This past week I corresponded with a reader, a 23 year old philosophy student in England who is converting to Catholicism. He spoke of how working with the homeless as a volunteer for a year caused him to lose his idealism. He described himself after that experience as “an idealist mugged by reality,” and himself now as “a cynic mugged by faith.” I asked him, for the sake of this blog, to tell me what it was about his experience serving the poorest of the poor that destroyed his idealism. Here is what he wrote. Inasmuch as he is a reader of this blog, I will insist that any criticism of this writing be expressed civilly, and without ad hominem attacks. I found this moving and challenging:
I never knew what I wanted to do at school. My brother always knew. He wanted to write stories about worlds that didn’t exist, or plays about situations that probably did happen at some point. I just wanted to leave school. Being a teenager wasn’t enjoyable and I remember looking forward to becoming an adult and doing something worthwhile. Anything worthwhile! But looking back I didn’t have the faintest idea what that meant or how to do it.
University seemed a poor choice when I didn’t have a subject in mind or a reason to go. Instead, with some prodding from my parents (they would say encouragement but it amounts to the same thing, though I don’t doubt they thought it would help me) I signed up to be a full-time volunteer at a local charity at a charity providing shelter for young homeless people. It meant moving 130 miles north (a long way in England to someone who had always lived in a stable family home!) and working night shifts.
It was… Traumatic. I knew I would be working with those on the margins of society but it never really dawned on me what I was doing. Drug addicts, street criminals, prostitutes, very often a combination of the above. I came from a loving, secure and close family and I understood within about a week that I didn’t relate to these people. Some who I came to know dropped into the conversation that they had children (plural) who they hadn’t mentioned once in 10 months. And they were my age.
It took leaving before it struck me that they weren’t in society’s margins. They were a society of their own.
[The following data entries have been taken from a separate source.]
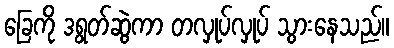
ခြေကို ဒရွတ်ဆွဲကာ တလှုပ်လှုပ် သွားနေသည်။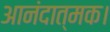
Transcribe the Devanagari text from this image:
आनंदात्मक।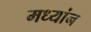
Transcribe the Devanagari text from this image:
मध्यांन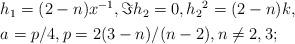
LaTeX: \begin{align*}\begin{aligned}&h_1=(2-n)x^{-1},\Im h_2=0,h_2{}^2=(2-n)k,\\&a= p/4,p=2(3-n)/(n-2),n\neq 2,3 ;\end{aligned}\end{align*}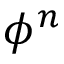
\phi ^ { n }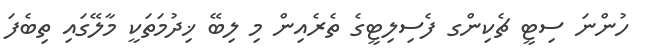
ހުންނަ ސިޓީ ޗެކިންގ ފެސިލިޓީގެ ތެރެއިން މި ލިބޭ ޚިދުމަތަކީ މާލޭގައި ތިބެފަ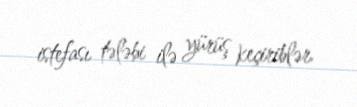
istefası tələbi ilə yürüş keçiriblər.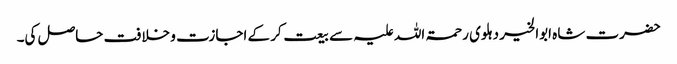
حضرت شاہ ابوالخیر دہلوی رحمۃ اللہ علیہ سے بیعت کر کے اجازت و خلافت حاصل کی۔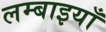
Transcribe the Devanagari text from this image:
लम्बाइयाँ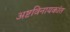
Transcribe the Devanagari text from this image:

I came very close to giving up almost weekly for the whole year but each time my parents encouraged me to finish what I started. They were right to do so but it hurt like hell. The residents didn’t want to change. They didn’t get why people like me were volunteering. And they didn’t care. I was as alien to them as they were to me.
What was worse about this year was my gradual (very gradual for an 18/19 year old kid) understanding that there was almost no boundary between the residents and the volunteers. The volunteers (who I lived with as well as worked with) would drink themselves senseless regularly, take drugs and get pregnant with alarming regularity. I covered shifts while the volunteers went off to have abortions (a moral situation I found more than unexpected!). What made it (probably) illegal was that volunteers and residents would engage in this behaviour together.
The gloss on the world chips away very easily when you’re that young. Being assaulted and having things stolen from your bag by the people you’re trying to help is one thing. Being laughed at by the other volunteers because I was quiet, introverted and different from them was harder still. What made me different? A Christian upbringing in a small house in the country. That’s it.
I was the only person I know who lasted 12 months. And it’s strange to be so proud of finishing something I hated. I was an idealist who had been mugged by reality. I did another 2 years scrabbling around London (during which time I found a slither of my faith again). In what must be the slowest mugging of all time, I became a cynic mugged by faith.
‘People are great, as a concept’. With this in mind I decided three years ago to go to university to study philosophy. My plan (I was still only 20/21 and still hadn’t learned about ‘plans’) was to discover what I thought. I have in a way. The ancient Greeks were a revelation, as was Kierkegaard and the existentialists. In still trying to work through the trauma of That Year I found that faith became harder and harder to leave out of questions I was seeking answers too. I read Chesterton and came to admire the 16th century poem ‘My Friends, The Things That Do Attain’ by Henry Howard as works that seemed to resonate.
But I won’t pretend I have answers. I don’t know how best to help the homeless and vulnerable, or bring virtue into society. I don’t know the meaning of life or whether my understanding of God and His will is correct. I know I want to be a Pilgrim or a Peasant – to see all there is to see in this beautiful life or to live simply as part of it (the two appear mutually exclusive to me, sadly!). I long to have a family of my own and be defined as a husband and a father. How? No idea.
One answer I think I can give though is how got over seeing the gloss chip away: I didn’t recover; I grew up.